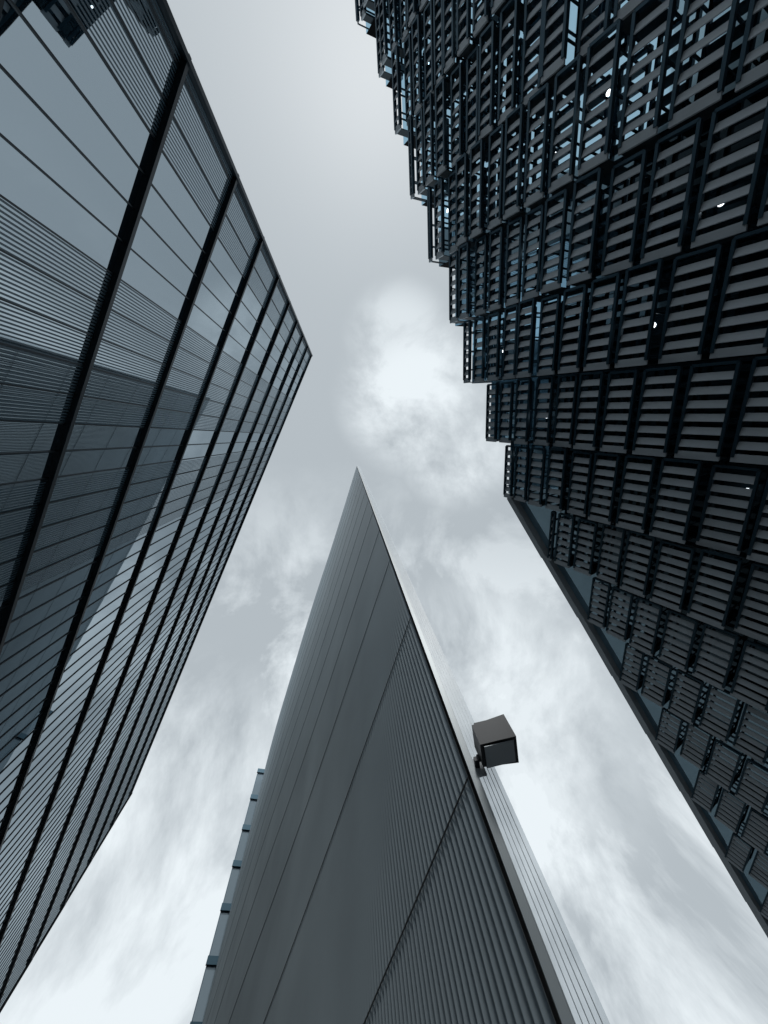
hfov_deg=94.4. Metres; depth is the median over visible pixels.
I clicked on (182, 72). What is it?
window mullions
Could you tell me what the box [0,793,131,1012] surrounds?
trim
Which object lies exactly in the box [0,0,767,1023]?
sky
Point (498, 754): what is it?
floodlight lens
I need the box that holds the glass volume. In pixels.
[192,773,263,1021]
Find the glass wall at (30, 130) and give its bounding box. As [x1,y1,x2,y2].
[0,0,310,1007]
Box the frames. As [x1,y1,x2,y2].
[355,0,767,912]
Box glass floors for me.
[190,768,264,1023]
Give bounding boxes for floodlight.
[472,714,518,776]
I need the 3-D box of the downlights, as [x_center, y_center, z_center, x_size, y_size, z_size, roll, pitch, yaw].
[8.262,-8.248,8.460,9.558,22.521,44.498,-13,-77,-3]
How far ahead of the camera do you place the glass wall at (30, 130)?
11.01 m
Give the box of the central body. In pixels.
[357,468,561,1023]
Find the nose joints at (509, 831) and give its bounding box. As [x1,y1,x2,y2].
[358,467,602,1023]
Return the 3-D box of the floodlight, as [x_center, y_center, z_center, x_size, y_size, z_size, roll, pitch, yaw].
[1.176,2.546,3.862,0.455,0.324,0.544,-1,-78,-6]
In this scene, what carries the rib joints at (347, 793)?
attached to the ribbed wall at (462, 954)
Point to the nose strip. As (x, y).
(559, 1001)
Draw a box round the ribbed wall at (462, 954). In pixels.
[202,467,555,1023]
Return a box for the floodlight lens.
[484,740,515,767]
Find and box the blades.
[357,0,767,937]
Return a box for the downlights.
[428,63,748,488]
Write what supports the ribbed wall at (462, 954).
on the ground
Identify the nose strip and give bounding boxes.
[357,466,574,1023]
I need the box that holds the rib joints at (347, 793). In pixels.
[208,475,467,1023]
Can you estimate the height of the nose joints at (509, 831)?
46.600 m

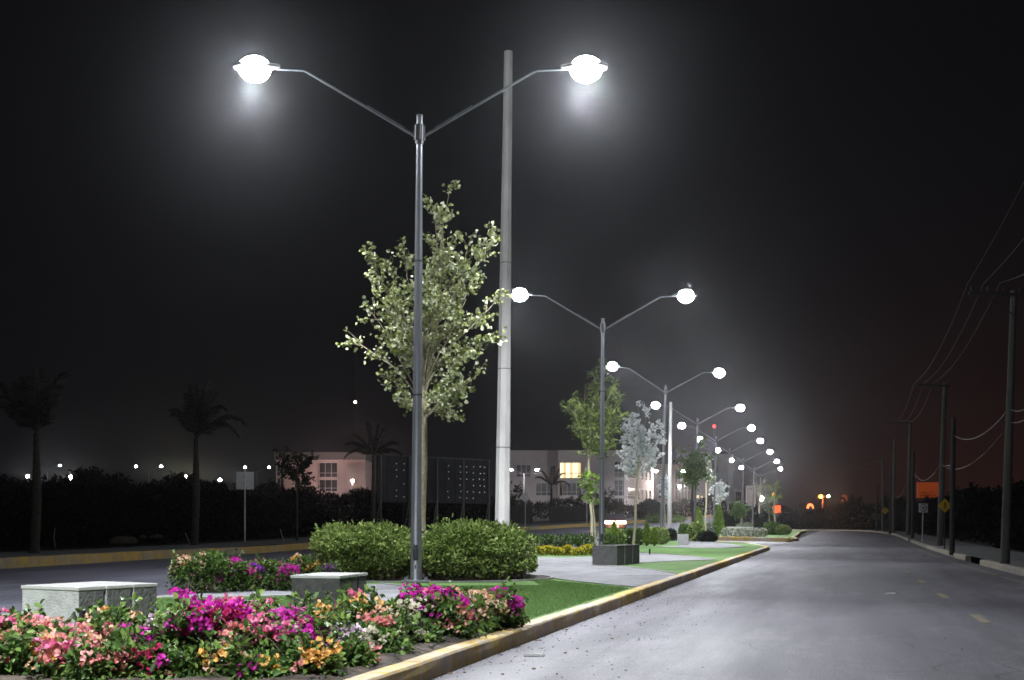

#####

## Aim of the exercise
Please set down each entry word for word, without its images.

## Response box
hfov_deg=94.4. Metres; depth is the median over visible pixels.
I clicked on (182, 72). What is it?
window mullions
Could you tell me what the box [0,793,131,1012] surrounds?
trim
Which object lies exactly in the box [0,0,767,1023]?
sky
Point (498, 754): what is it?
floodlight lens
I need the box that holds the glass volume. In pixels.
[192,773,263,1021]
Find the glass wall at (30, 130) and give its bounding box. As [x1,y1,x2,y2].
[0,0,310,1007]
Box the frames. As [x1,y1,x2,y2].
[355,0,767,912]
Box glass floors for me.
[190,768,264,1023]
Give bounding boxes for floodlight.
[472,714,518,776]
I need the 3-D box of the downlights, as [x_center, y_center, z_center, x_size, y_size, z_size, roll, pitch, yaw].
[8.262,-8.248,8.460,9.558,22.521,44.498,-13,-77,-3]
How far ahead of the camera do you place the glass wall at (30, 130)?
11.01 m
Give the box of the central body. In pixels.
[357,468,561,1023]
Find the nose joints at (509, 831) and give its bounding box. As [x1,y1,x2,y2].
[358,467,602,1023]
Return the 3-D box of the floodlight, as [x_center, y_center, z_center, x_size, y_size, z_size, roll, pitch, yaw].
[1.176,2.546,3.862,0.455,0.324,0.544,-1,-78,-6]
In this scene, what carries the rib joints at (347, 793)?
attached to the ribbed wall at (462, 954)
Point to the nose strip. As (x, y).
(559, 1001)
Draw a box round the ribbed wall at (462, 954). In pixels.
[202,467,555,1023]
Return a box for the floodlight lens.
[484,740,515,767]
Find and box the blades.
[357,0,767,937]
Return a box for the downlights.
[428,63,748,488]
Write what supports the ribbed wall at (462, 954).
on the ground
Identify the nose strip and give bounding boxes.
[357,466,574,1023]
I need the box that holds the rib joints at (347, 793). In pixels.
[208,475,467,1023]
Can you estimate the height of the nose joints at (509, 831)?
46.600 m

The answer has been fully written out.